PEBEC Exposes Deep Bureaucratic Failures In New Ranking

By DAVID JOHN-FLUKE
A new performance audit by the Presidential Enabling Business Environment Council (PEBEC) has exposed deep inefficiencies across several federal agencies, with 17 ministries, departments, and agencies (MDAs) scoring zero in the latest Business Facilitation Act (BFA) compliance ranking. The report evaluates how well government institutions are implementing reforms designed to improve Nigeria’s ease of doing business.
The agencies that failed the efficiency test include the Bank of Industry, NIPOST, the Industrial Training Fund, Trademarks Registry, Galaxy Backbone, the National Identity Management Commission, the National Bureau of Statistics, and key regulators such as the National Insurance Commission and the Nigerian Midstream and Downstream Petroleum Regulatory Authority.
PEBEC assessed 69 MDAs between January and October 2025, using indicators such as transparency, efficiency, responsiveness, and “mystery shopping”—a method for testing real-life compliance with Service Level Agreements mandated by the BFA 2022. The findings show that nearly half of the evaluated agencies performed poorly: 21 MDAs scored between 3% and 38.9%, indicating severe lapses in public service delivery.

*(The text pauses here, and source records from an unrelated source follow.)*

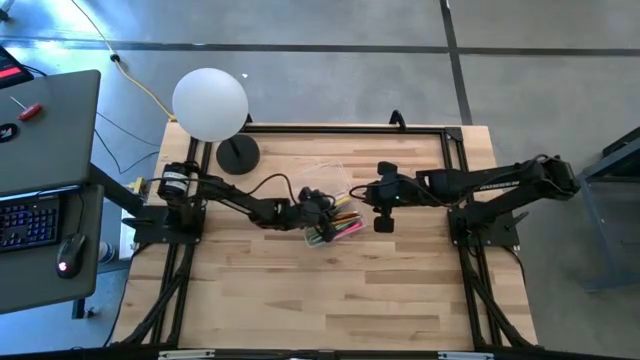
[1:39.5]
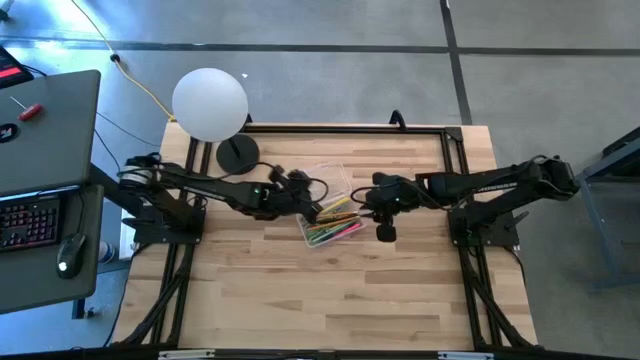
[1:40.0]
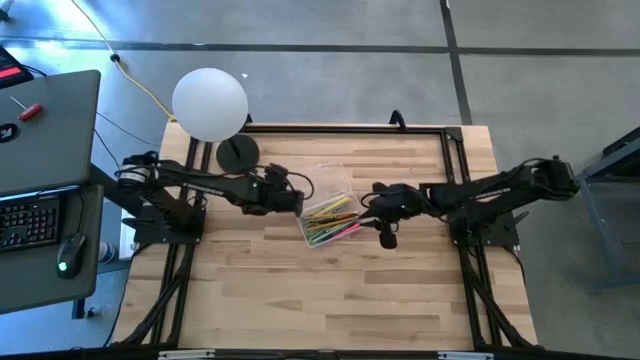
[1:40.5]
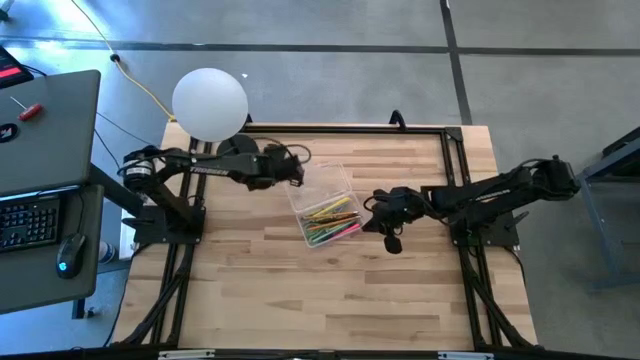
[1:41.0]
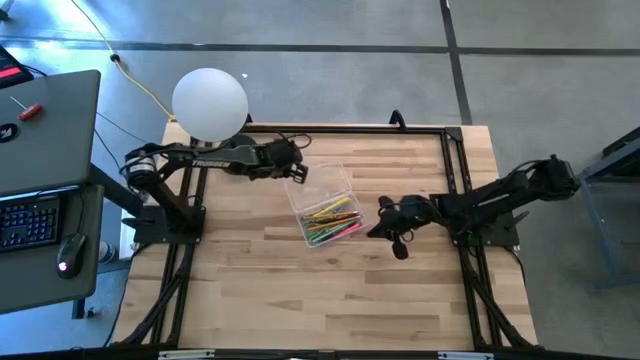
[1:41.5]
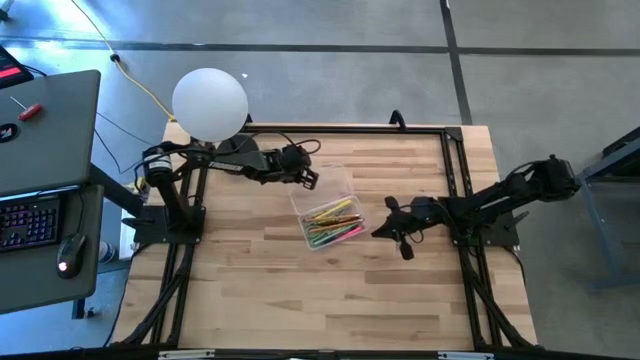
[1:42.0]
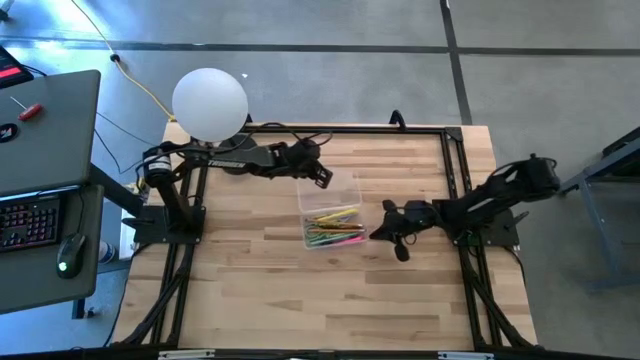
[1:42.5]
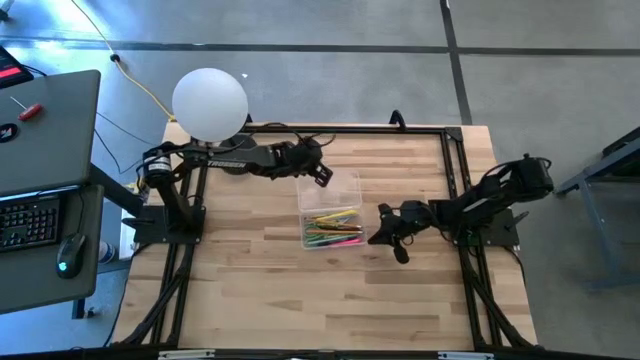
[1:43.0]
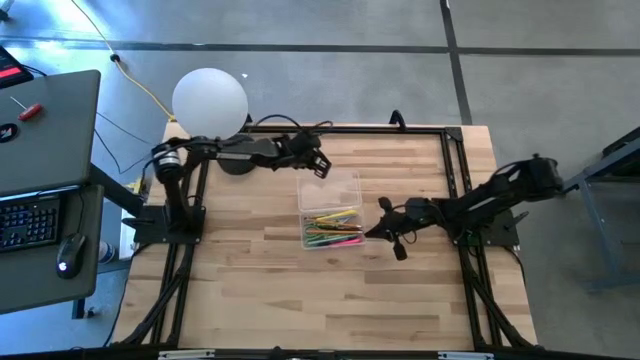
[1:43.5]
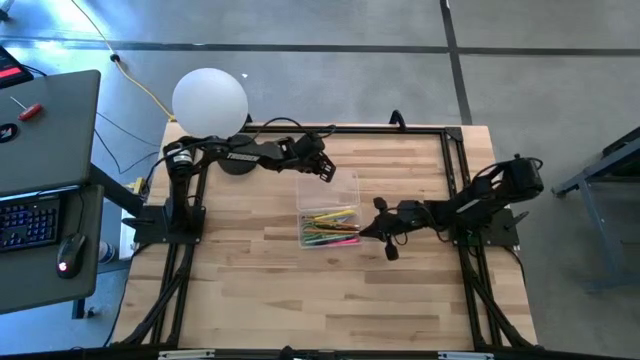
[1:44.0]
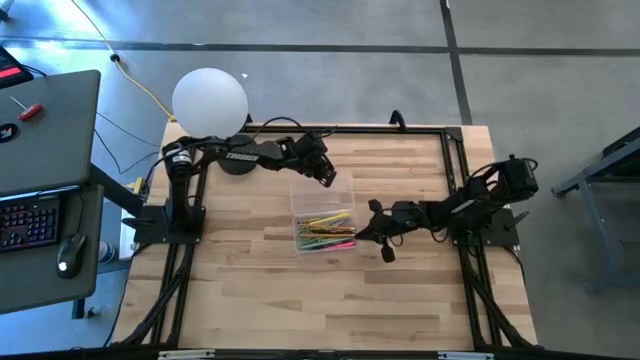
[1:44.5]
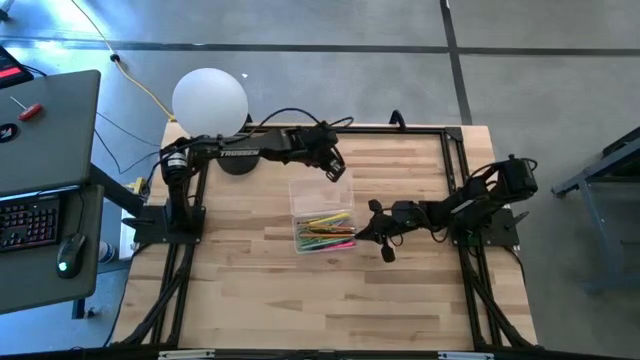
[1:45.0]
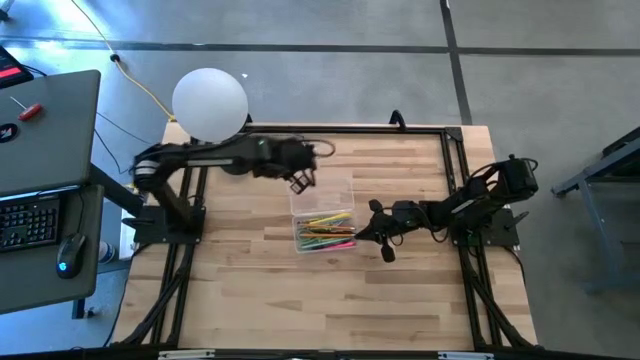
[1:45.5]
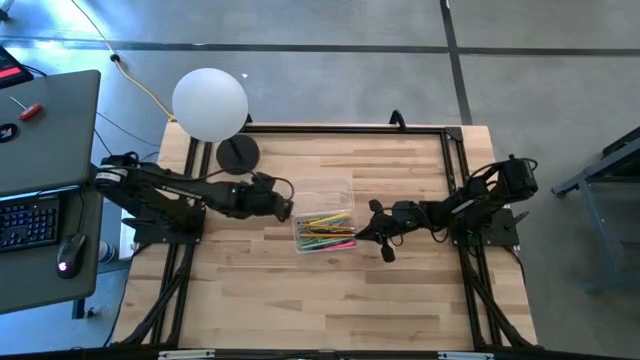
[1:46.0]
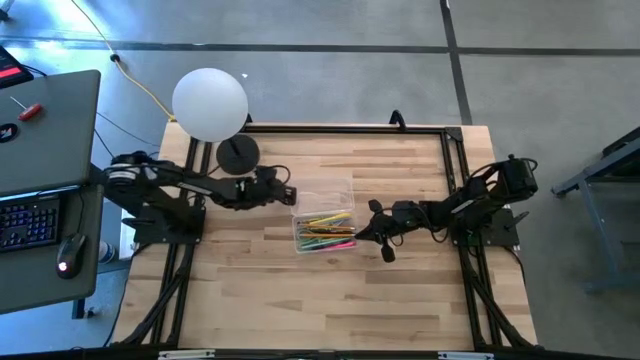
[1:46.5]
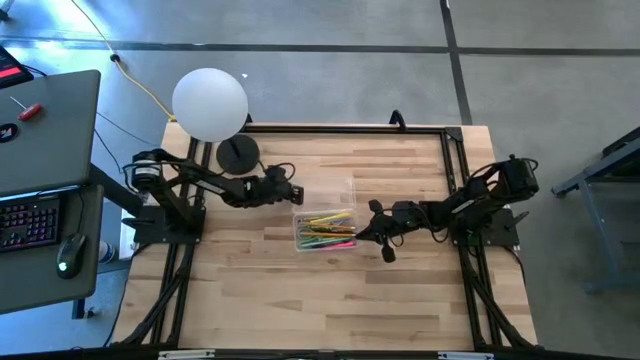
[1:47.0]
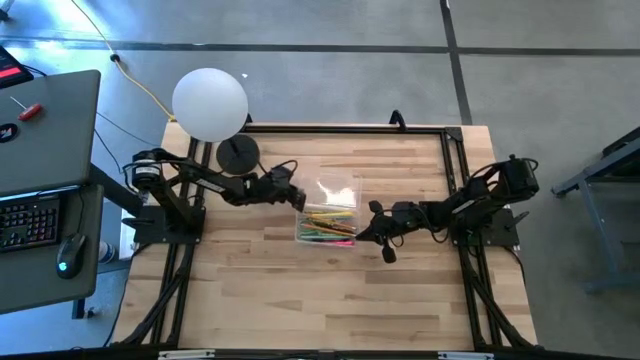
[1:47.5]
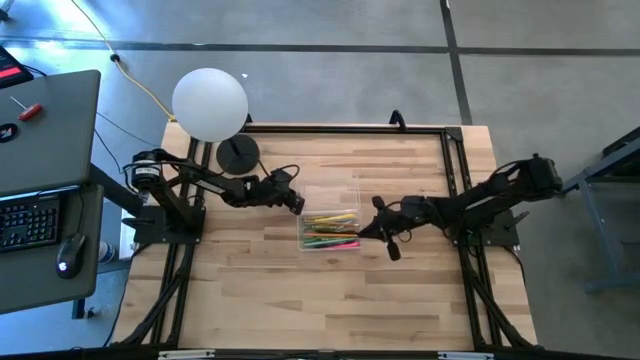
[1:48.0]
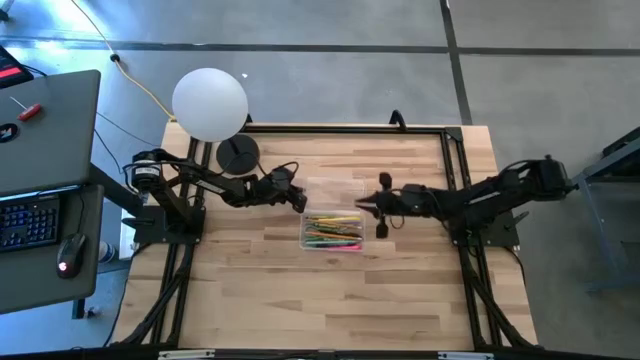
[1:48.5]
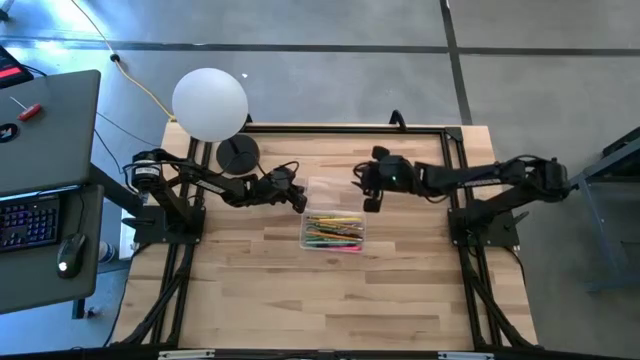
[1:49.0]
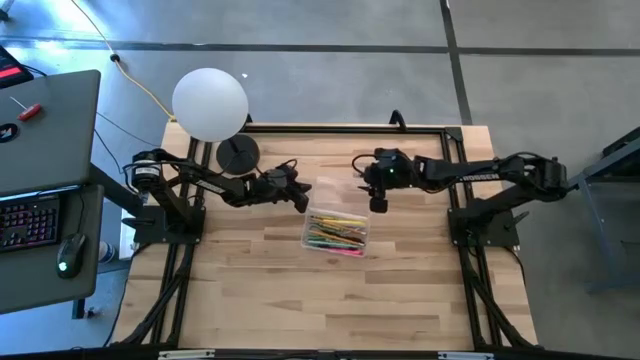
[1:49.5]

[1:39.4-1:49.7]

While a handful of agencies such as the Nigerian Content Development Management Board (90.6%), NDLEA (89.3%), Customs (86.6%), NCC (85.3%), and the Ports Authority (84.2%) ranked high, many critical institutions lagged far behind. Low transparency, poor customer experience, and weak digital platforms were recurring deficiencies among underperforming agencies.
Experts warn that the findings signal a serious threat to Nigeria’s economic ambitions. Economist Dr. Muda Yusuf said the government must go beyond publishing performance reports and enforce accountability to avoid undermining efforts toward investment growth, job creation, and the administration’s economic targets. He noted that the Vice President’s office—under which PEBEC sits—should demand explanations from failing agencies.
Other analysts, including Professor Sheriffdeen Tella and anti-corruption advocate Debo Adeniran, linked the poor results to corruption, underfunding, weak staffing, lack of monitoring, and systemic government inefficiency. They argue that unless the administration reforms these institutions, Nigeria’s ease of doing business efforts will remain largely theoretical, with citizens and businesses bearing the brunt of bureaucratic failures.